I have been trying for a while to understand Coaxial Cable impedances for ham radio etc. use. I only know what it is not though.

Coaxial Cable does not measure the rated impedance from one end to the other

Coaxial Cable does not act like a load itself at the rated impedance, they may loose some power to heat, but they mainly carry the signal to the antenna (or whatever other load)
So, what is a coaxial cable impedance rating, and why can't I use a 75 ohm in place of a 50 ohm on the output of my transmitter?
Best Answer
Imagine, for a minute that electricity travels quite slowly.

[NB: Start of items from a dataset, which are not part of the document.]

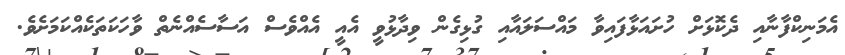
އެމަނިކްފާނާއި ދެކޮޅަށް ހުށައަޅާފައިވާ މައްސަލައާއި ގުޅިގެން ވިދާޅުވީ އެއީ އެއްވެސް އަސާސެއްނެތް ވާހަކަތަކެއްކަމަށެވެ.
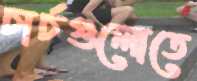
চার্চগুলোতে
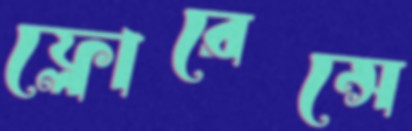
ফ্লোরেন্সে
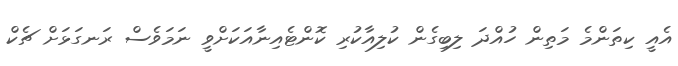
އެއީ ކިތަންމެ މަތިން ހުއްދަ ލިބިގެން ކުލިއާކުރި ކޮންޓެއިނާއަކަށްވީ ނަމަވެސް ރަނގަޅަށް ޗެކް
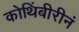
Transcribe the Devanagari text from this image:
कोथिंबीरीनं
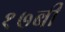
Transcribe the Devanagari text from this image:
१७बी
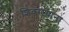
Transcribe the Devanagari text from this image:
शिवरायाना
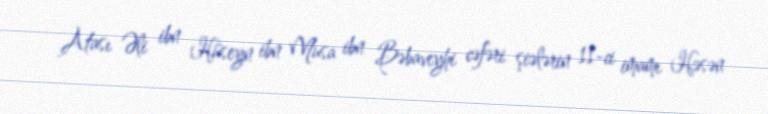
Atası Əli ibn Hüseyn ibn Musa ibn Bəbaveyhi cəfəri şiələrin 11-ci imamı Həsən
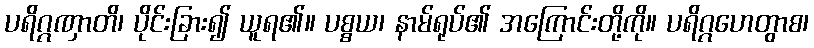
ပရိဂ္ဂဏှာတိ၊ ပိုင်းခြား၍ ယူရ၏။ ပစ္စယ၊ နာမ်ရုပ်၏ အကြောင်းတို့ကို။ ပရိဂ္ဂဟေတွာစ၊
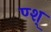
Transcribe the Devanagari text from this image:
ण्श्

When you turn your light switch on what happens? Current starts to flow  it starts working its way down the wire and so does the voltage. The current that flows is determined by two things: 
Will the current be too small or will the current be too much? It is the cable (and its properties) that dictate the amount of current flowing.
Voltage and current are traveling to the "unknown" load and because V and I are flowing there is power flowing (P = VI). When the current and voltage reach the bulb, if the bulb's resistance doesn't match the V/I relationship not all the power is consumed.
This means the excess (or deficit) of power has to be reflected back up the wire to the switch. It's got nowhere else to go.
In the real world of data comms or radio, this causes "reflections" and these can add or subtract to the forward power traveling down the wire and, in the case of data, it can become misshaped leading to possible data corruptions. In the case of an RF carrier, there will be points along the wire where it appears unmeasurable.
The cable dictates how much current initially flows based (mainly) on its inductance, capacitance and resistance. The formula is this: 
Characteristic impedance = \$\sqrt{\dfrac{R+j\omega L}{G+j\omega C}}\$
R is resistance per metre, L is inductance per metre, C is parallel capacitance per metre and G is parallel conductance per metre. At high frequencies (>1MHz) the impedance starts to largely become: 
\$\sqrt{\dfrac{L}{C}}\$ and if you look at some coax specs you'll see that 50 ohms is the result of this calculation.
Hopefully, by now you should be able to answer this.